** INFORMATION SUPPLIED follows **

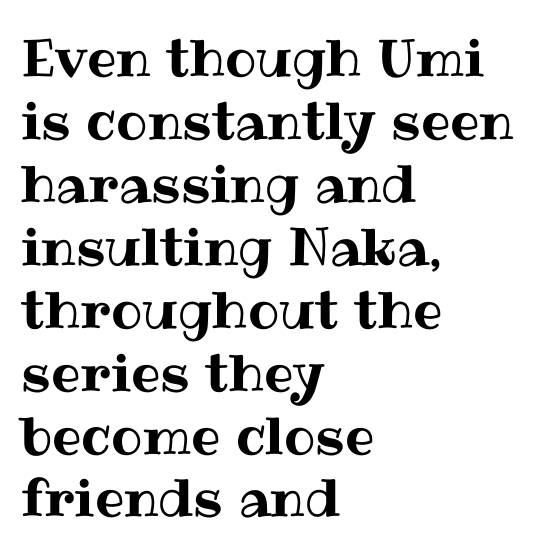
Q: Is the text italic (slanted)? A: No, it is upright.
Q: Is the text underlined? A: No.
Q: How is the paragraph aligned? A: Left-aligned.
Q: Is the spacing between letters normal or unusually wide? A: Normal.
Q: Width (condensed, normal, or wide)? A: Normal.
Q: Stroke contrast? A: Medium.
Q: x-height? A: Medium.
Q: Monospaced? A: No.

** End of INFORMATION SUPPLIED **
** INFORMATION SUPPLIED follows **

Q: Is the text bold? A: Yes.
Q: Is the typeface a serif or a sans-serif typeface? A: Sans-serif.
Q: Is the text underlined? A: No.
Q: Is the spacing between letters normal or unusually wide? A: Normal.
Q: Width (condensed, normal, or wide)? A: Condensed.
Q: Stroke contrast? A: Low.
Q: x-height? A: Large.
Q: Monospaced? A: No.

** End of INFORMATION SUPPLIED **

### TO DO
Each line of the entries that contains "condensed" counts once; state the total as a bare number.

### ANSWER TO THIS TASK
2